It has been recently shown that experimental data by MAS NMR and XRD can be successfully reproduced using explicit MD models of protein crystals^27,28,29. Towards this goal we have recorded 1-μs-long all-atom MD trajectories representing the two different crystal lattice arrangements of ubiquitin. A block of four crystal unit cells (24 ubiquitin molecules) was simulated for MPD-ub, while one crystal unit cell (48 ubiquitin molecules) was simulated for cubic-PEG-ub. The presence of multiple protein molecules in the simulations effectively improves the statistical properties of the MD models. The results from MD simulations, Fig. 2e–h, nicely reproduce the experimentally observed trends. Consistent with the experimental data, simulated ¹⁵N R₁ and S² parameters are overall similar in the two crystals, with two notable exceptions found in the β1–β2 loop and residue Q62. On average, the simulated S² in cubic-PEG-ub are slightly lower than those in MPD-ub, which is again consistent with the experimental observations.

For the two crystal forms at hand, NMR and MD produce similar R₁ profiles (sensitive primarily to motions on a timescale of tens of picoseconds to ∼100 nanoseconds) and S² profiles (sensitive to all motions faster than ca. 100 μs). This leads us to suggest that internal dynamics of ubiquitin are similar in the two crystals. Furthermore, site-specific S² data in crystals are remarkably similar to those in solution, as confirmed by experimental measurements as well as MD simulations (Fig. 2d,h). These observations are in line with the results from previous studies, which suggested that the crystalline environment has only comparatively minor effect on protein internal dynamics^{30,31,32,33,34,35,36,37}.

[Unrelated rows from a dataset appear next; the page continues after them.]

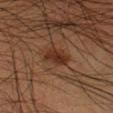workup: imaged on a skin check; not biopsied | image-analysis metrics: an area of roughly 5.5 mm², an outline eccentricity of about 0.8 (0 = round, 1 = elongated), and a shape-asymmetry score of about 0.2 (0 = symmetric); a lesion color around L≈23 a*≈17 b*≈23 in CIELAB, a lesion–skin lightness drop of about 8, and a lesion-to-skin contrast of about 9 (normalized; higher = more distinct); radial color variation of about 0.5 | site: the right lower leg | lighting: cross-polarized illumination | diameter: ~3 mm (longest diameter) | imaging modality: 15 mm crop, total-body photography | patient: male, in their 50s.
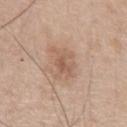<record>
<image>
  <source>total-body photography crop</source>
  <field_of_view_mm>15</field_of_view_mm>
</image>
<lighting>white-light</lighting>
<site>chest</site>
<patient>
  <sex>male</sex>
  <age_approx>65</age_approx>
</patient>
<lesion_size>
  <long_diameter_mm_approx>4.0</long_diameter_mm_approx>
</lesion_size>
</record>
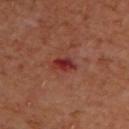Q: Is there a histopathology result?
A: total-body-photography surveillance lesion; no biopsy
Q: What is the anatomic site?
A: the upper back
Q: What lighting was used for the tile?
A: cross-polarized illumination
Q: How was this image acquired?
A: total-body-photography crop, ~15 mm field of view
Q: Lesion size?
A: about 3 mm
Q: Patient demographics?
A: male, about 70 years old
Q: Automated lesion metrics?
A: a border-irregularity rating of about 3/10 and radial color variation of about 1; a classifier nevus-likeness of about 0/100 and a lesion-detection confidence of about 100/100
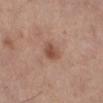The lesion was photographed on a routine skin check and not biopsied; there is no pathology result.
Cropped from a whole-body photographic skin survey; the tile spans about 15 mm.
From the right lower leg.
A female subject, aged approximately 65.
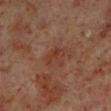Recorded during total-body skin imaging; not selected for excision or biopsy. Located on the left lower leg. A 15 mm close-up tile from a total-body photography series done for melanoma screening. This is a cross-polarized tile. The total-body-photography lesion software estimated an area of roughly 3.5 mm² and a shape eccentricity near 0.85. The analysis additionally found a mean CIELAB color near L≈34 a*≈22 b*≈26, a lesion–skin lightness drop of about 6, and a normalized lesion–skin contrast near 5.5. The software also gave border irregularity of about 4.5 on a 0–10 scale and a within-lesion color-variation index near 2/10. The subject is a male aged 58 to 62.
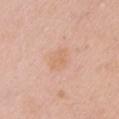workup = no biopsy performed (imaged during a skin exam); diameter = ~3.5 mm (longest diameter); anatomic site = the chest; tile lighting = white-light illumination; subject = female, aged around 65; imaging modality = total-body-photography crop, ~15 mm field of view.
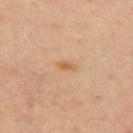patient:
  sex: male
  age_approx: 55
lighting: cross-polarized
lesion_size:
  long_diameter_mm_approx: 2.0
automated_metrics:
  area_mm2_approx: 2.0
  eccentricity: 0.85
  shape_asymmetry: 0.4
  color_variation_0_10: 0.5
  peripheral_color_asymmetry: 0.0
  nevus_likeness_0_100: 15
  lesion_detection_confidence_0_100: 100
site: right upper arm
image:
  source: total-body photography crop
  field_of_view_mm: 15

Evidence for overall rocking motion from MAS NMR and MD

Having established that internal motions on ps–ns timescales are generally similar in the two crystals, we then focused on amide-¹⁵N R_1ρ spin relaxation rate constants. This relaxation parameter is highly sensitive to amplitudes and time constants of reorientational motions occurring on longer timescales—specifically nanosecond to microsecond motions (Supplementary Fig. 5). The experimental R_1ρ relaxation rate constants in MPD-ub and cubic-PEG-ub are summarized in Fig. 3a. Interestingly, a clear-cut difference is observed between the two crystal forms. In particular, the ‘base’ level of R_1ρ within secondary structure regions is significantly higher in cubic-PEG-ub (12 s⁻¹) than in MPD-ub (3.5 s⁻¹). To a reasonable approximation this offset is uniform across the sequence, at least for secondary-structure elements. Site-specific differences in R_1ρ rates are found mostly in loops, and can be ascribed to nanosecond mobility of these regions^20,26; differences in loop dynamics have been exposed already by the R₁ and order parameter data discussed above.

The overall offset in the ‘base’ R_1ρ rates of the two crystals points to a global motion that involves the entire molecule. This motion appears to be present in cubic-PEG-ub crystals, but absent or less pronounced in MPD-ub crystals. We attribute this effect to relatively slow reorientational fluctuations of the protein molecule embedded in the crystal lattice, that is, to rocking motion. In what follows, we will show that the observed R_1ρ offset in cubic-PEG-ub is consistent with a rocking motion having an amplitude of several degrees and a correlation time in the range from hundreds of nanoseconds to tens of microseconds.

To obtain additional insight into rocking motion, we analysed the 1-μs-long MD trajectories of the three crystals (MPD-ub and cubic-PEG-ub, as described previously, as well as rod-PEG-ub). For each trajectory we defined a set of reference coordinates, that is, a block of crystal unit cells constructed from the corresponding crystallographic structures. We further calculated rotation matrices Ξ connecting instantaneous MD coordinates of protein molecules with their respective reference coordinates (Ξ were obtained from least-square fitting of the Cα atoms belonging to the protein secondary structure). A sequence of these small-angle rotation matrices encodes the rocking motion of each individual ubiquitin molecule. Finally, matrices Ξ have been applied to a set of 100 dipolar vectors uniformly distributed on a unit sphere so as to calculate ‘isotropic’ rocking correlation functions g_rock(τ). The results are shown in Fig. 4 for all individual ubiquitin molecules from MPD-ub, cubic-PEG-ub and rod-PEG-ub simulations. Supplementary Movies 1–3 illustrate rocking motion in MPD-ub, cubic-PEG-ub (chain A) and cubic-PEG-ub (chain B), respectively.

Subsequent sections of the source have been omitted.